■ Task prompt
Starting from the line with "A satellite image." and going up to and including the line with "An aerial image.", copy the listing below exactly. Leave all images out.

■ Given records
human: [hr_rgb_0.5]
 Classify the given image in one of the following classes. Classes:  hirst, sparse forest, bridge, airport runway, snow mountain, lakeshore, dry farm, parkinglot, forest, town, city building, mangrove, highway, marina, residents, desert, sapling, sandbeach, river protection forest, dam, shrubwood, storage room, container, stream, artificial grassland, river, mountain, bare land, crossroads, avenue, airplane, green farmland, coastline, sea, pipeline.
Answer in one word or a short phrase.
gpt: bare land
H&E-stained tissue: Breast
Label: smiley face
* * *
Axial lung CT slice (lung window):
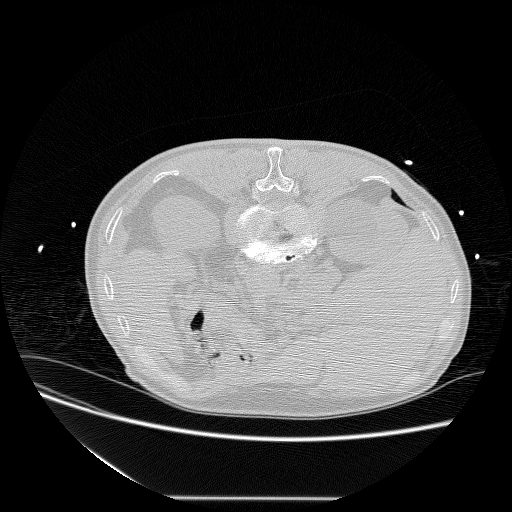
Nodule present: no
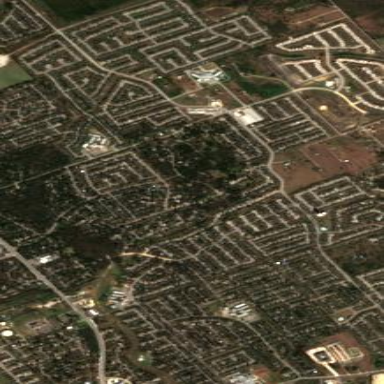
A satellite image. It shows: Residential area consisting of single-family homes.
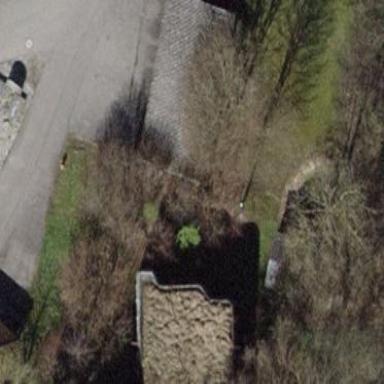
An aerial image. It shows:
...
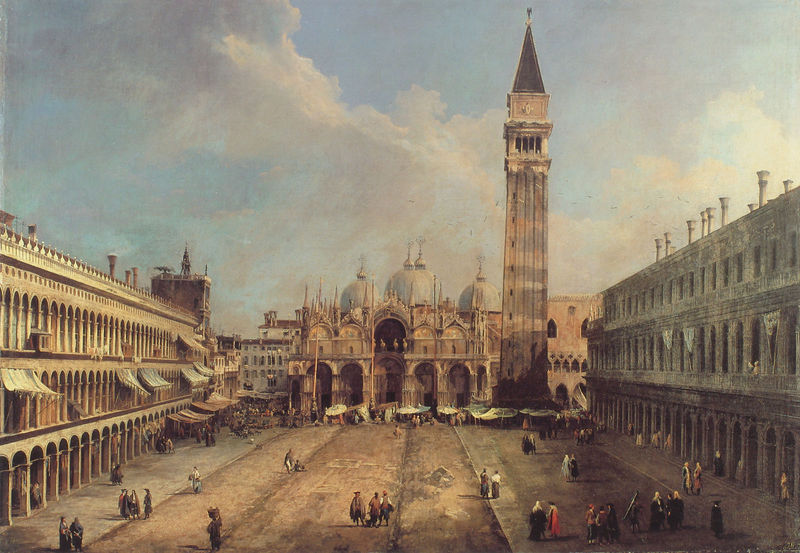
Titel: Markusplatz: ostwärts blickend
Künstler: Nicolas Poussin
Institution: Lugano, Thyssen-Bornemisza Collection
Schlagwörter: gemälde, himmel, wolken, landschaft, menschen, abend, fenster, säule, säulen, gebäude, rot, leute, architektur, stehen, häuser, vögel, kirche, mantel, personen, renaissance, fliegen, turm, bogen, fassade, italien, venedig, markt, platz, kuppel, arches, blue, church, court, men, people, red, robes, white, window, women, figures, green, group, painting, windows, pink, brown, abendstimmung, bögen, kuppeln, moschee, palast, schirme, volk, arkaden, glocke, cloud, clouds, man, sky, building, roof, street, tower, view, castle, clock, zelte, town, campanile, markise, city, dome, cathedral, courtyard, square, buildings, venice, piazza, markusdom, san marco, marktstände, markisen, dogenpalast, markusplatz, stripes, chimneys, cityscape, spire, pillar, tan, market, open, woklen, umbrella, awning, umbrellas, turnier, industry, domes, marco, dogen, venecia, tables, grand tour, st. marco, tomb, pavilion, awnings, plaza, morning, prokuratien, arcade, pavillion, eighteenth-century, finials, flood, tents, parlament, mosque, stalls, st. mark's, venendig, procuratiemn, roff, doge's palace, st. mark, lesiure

■ Exercise solution
A satellite image. It shows: Residential area consisting of single-family homes.
An aerial image. It shows:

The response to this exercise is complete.